LUSOVINI volta a inovar e harmoniza a gastronomia da Lusofonia com os seus vinhos …

A produtora e distribuidora LusoVini vai lançar uma brochura para mostrar que há um vinho português certo para cada prato criado por Vítor Sobral cruzando sabores de Portugal, Brasil e África.
O chef Vítor Sobral fez as receitas, Luís Lopes, director da Revista de Vinhos, seleccionou os vinhos — e assim a moamba de garoupa com quiabos e farinha de musseque aparece casada com o vinho verde branco Mito, de Anselmo Mendes, ou o Foral de Montemor, um branco alentejano da Herdade do Menir; o camarão com caril, manga e malagueta verde combina com um rosé do Dão, que pode ser o Pedra Cancela Selecção do Enólogo, ou o Casul, da Quinta da Alorna; e o ensopado de borrego, mandioca, cominhos e hortelã da ribeira pede um tinto, e a escolha pode ser entre dois alentejanos, o Évoramonte ou o Monte Damião.
A ideia de fazer uma brochura – intitulada O Vinho à Mesa, Sabores da Lusofonia, que será apresentada a 7 de Janeiro no Palácio Nacional da Ajuda, em Lisboa – com receitas de alguns dos países lusófonos em harmonização com vinhos portugueses partiu da empresa LusoVini, produtora e distribuidora de vinhos que tem apostado forte nesta relação com Angola, Moçambique e o Brasil.
Quando conversamos com Casimiro Gomes, fundador da LusoVini, ele está precisamente no Brasil, e é daí que nos explica o caminho que decidiram seguir. “O normal seria basear a estratégia na produção.
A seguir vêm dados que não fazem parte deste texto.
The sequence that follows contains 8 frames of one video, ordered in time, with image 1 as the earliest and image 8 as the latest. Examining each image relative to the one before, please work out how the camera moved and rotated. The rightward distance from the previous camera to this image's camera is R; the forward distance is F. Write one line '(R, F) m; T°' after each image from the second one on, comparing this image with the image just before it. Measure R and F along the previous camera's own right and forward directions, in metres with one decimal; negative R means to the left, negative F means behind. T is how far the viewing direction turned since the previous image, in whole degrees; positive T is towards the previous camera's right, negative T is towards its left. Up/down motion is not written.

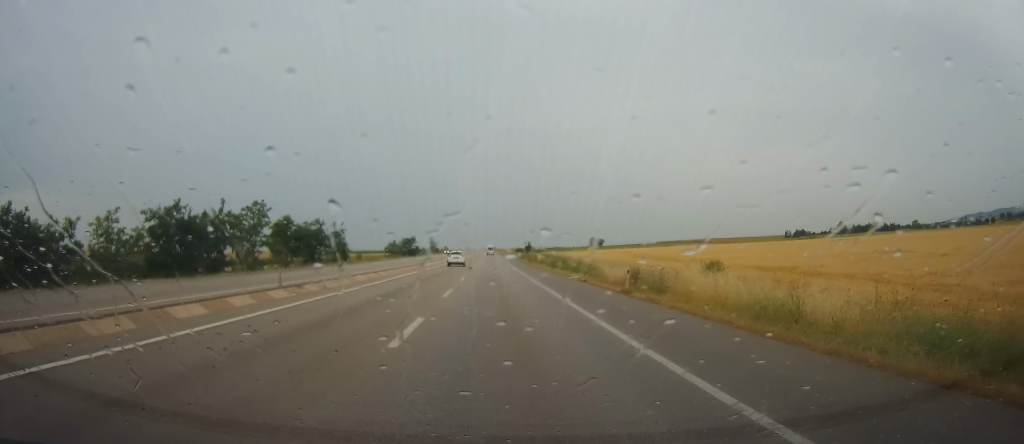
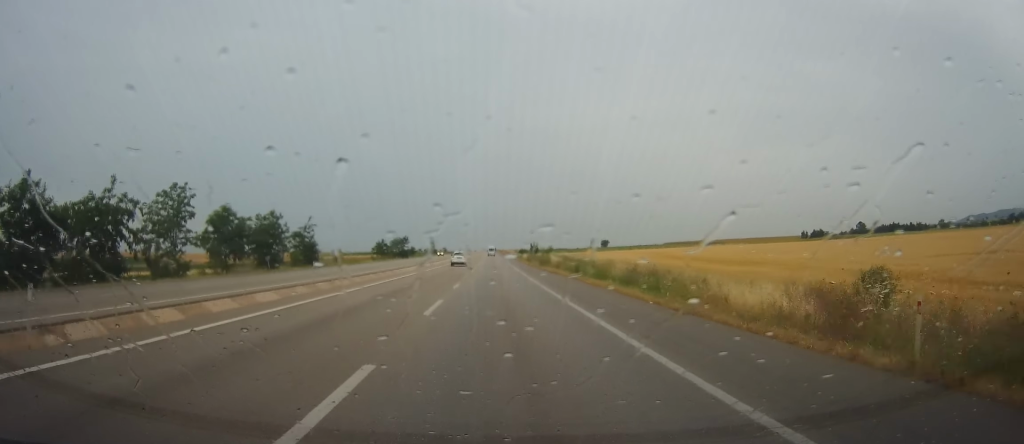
(0.0, +17.4) m; -1°
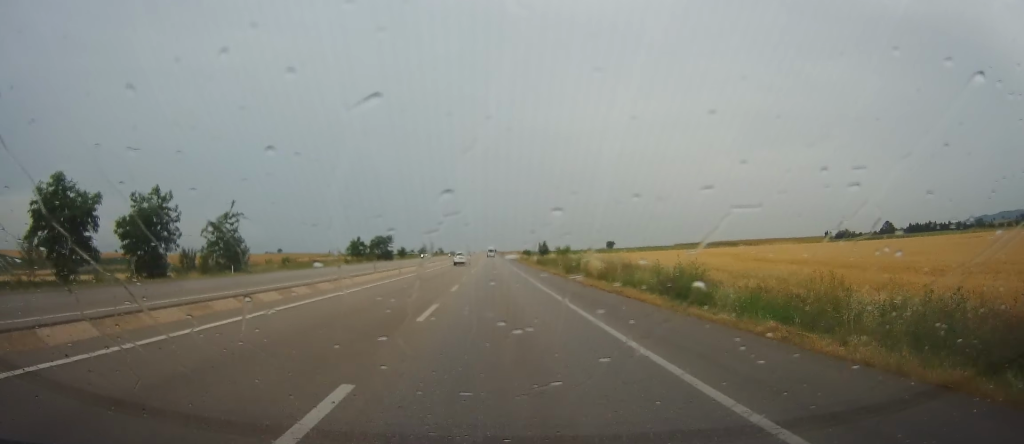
(-0.3, +24.2) m; 0°
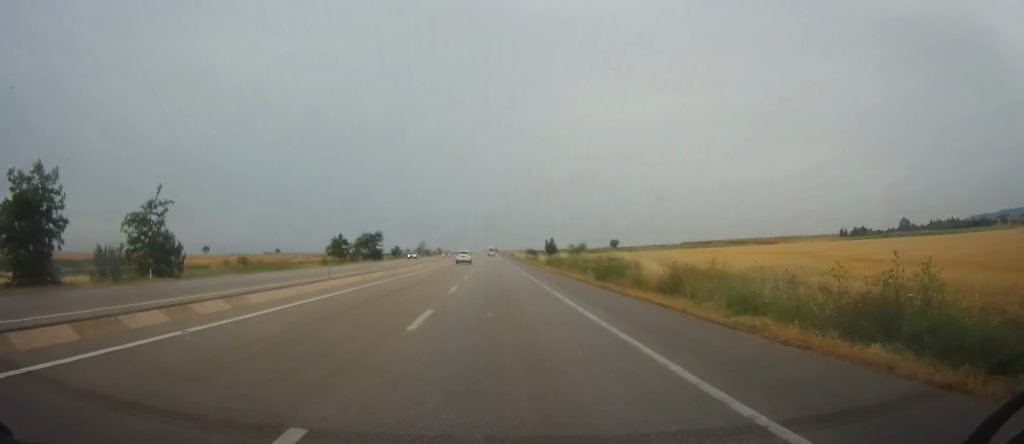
(+0.1, +13.8) m; 0°
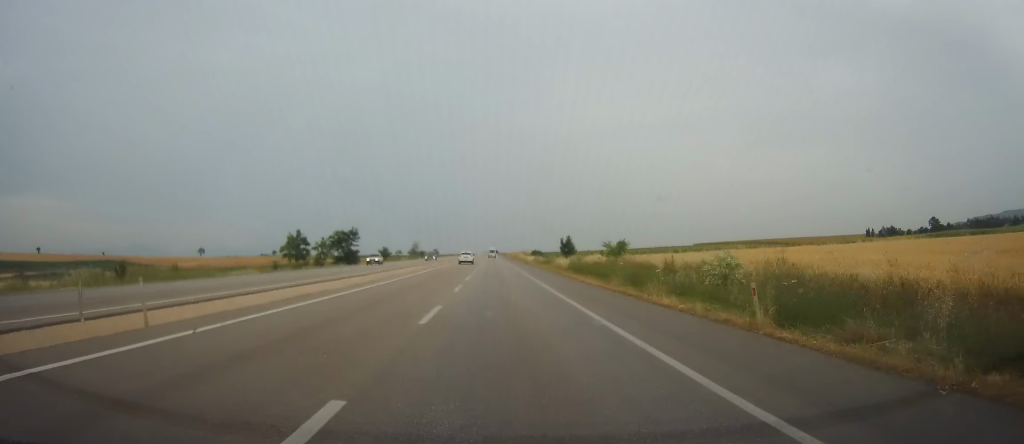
(+0.3, +21.9) m; 0°
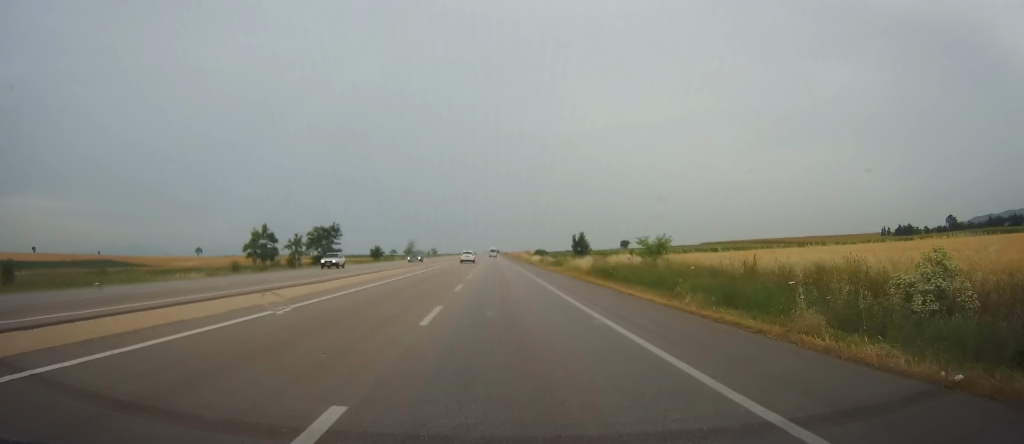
(-0.3, +11.3) m; 0°
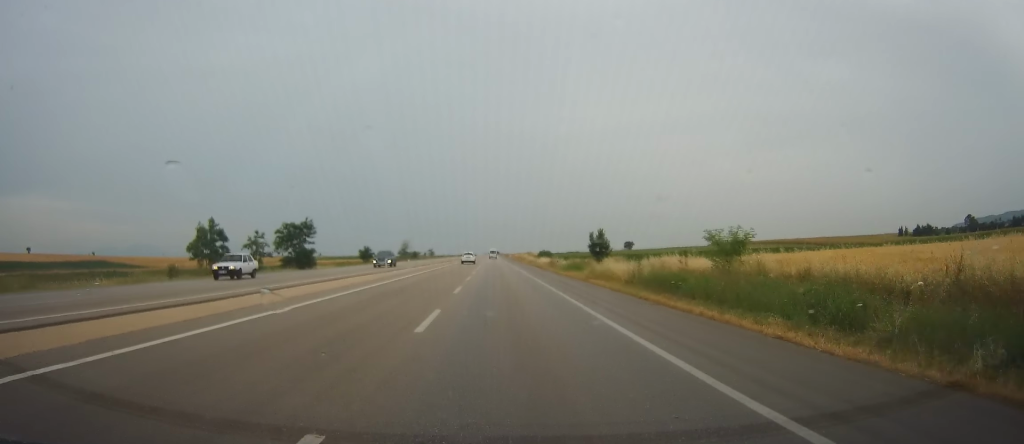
(-0.1, +12.6) m; 0°
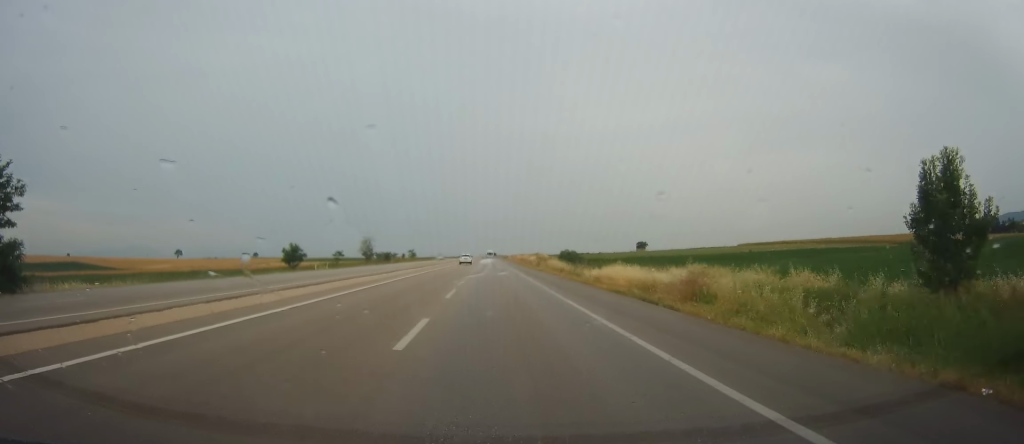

Mas percebemos que por muito bons que fossem os nossos vinhos, se não tivéssemos um mercado não iríamos ter sucesso”. Foram, por isso, à conquista desse mercado.
“Tenho 52 anos, 30 dos quais de actividade nesta área, mas os mercados mudam, e felizmente tivemos o bom senso, quando lançámos o projecto da LusoVini, de voltarmos a analisar cada um deles”, conta. A ideia não era apenas a exportação, o objectivo foi sempre a internacionalização para alguns países – hoje, cinco anos depois, a empresa está instalada em Angola (LusoVini Angola, em Luanda), Moçambique (Mozamvini, em Maputo) e Brasil (Brasvini, São Paulo).
E a primeira constatação quando chegaram ao terreno foi que muitos em Portugal ainda não tinham percebido como tudo estava a mudar. “Uma das coisas que notámos quando aqui chegámos foi que Portugal estava a mandar para cá os restos. Nas prateleiras encontrávamos vinhos brancos de colheitas muito atrasadas, e, apesar de a preferência dos angolanos ser pelos vinhos portugueses, estavam a consumir muitos vinhos brancos sul-africanos”, conta Casimiro.
“Em Angola, até há seis anos atrás bastava ter produto em stock — o cliente colocava o dinheiro na conta e perguntava quando podia levantar. Hoje não é nada assim. Percebemos que o mercado ia ter oferta em excesso e que a distribuição ia evoluir de forma muito rápida, pelo que tínhamos que olhar para o mercado de Angola como se estivéssemos a olhar para o de Nova Iorque, coisa que era difícil de explicar a equipas que estavam habituadas a um cliente que pedia por favor para comprar. Hoje isso não existe”. Por isso, em Luanda já têm até loja para provas e organizam jantares vínicos.
Moçambique é um mercado mais pequeno, com outras particularidades. “O peso da população muçulmana é muito grande, há lojas que não têm uma única bebida alcoólica, e precisamos de canalizar os diferentes produtos para os diferentes nichos”, explica o responsável da LusoVini. E há ainda o Brasil, onde também houve uma evolução muito grande e “quem consome vinho representa hoje um mercado de primeiro mundo, muito esclarecido”. Neste caso, por exemplo, foi preciso ultrapassar preconceitos instalados. “Nas décadas de 70 e 80 mandámos para o Brasil vinhos muito maus, de tal forma que ainda hoje há pessoas que se negam sequer a prová-los”.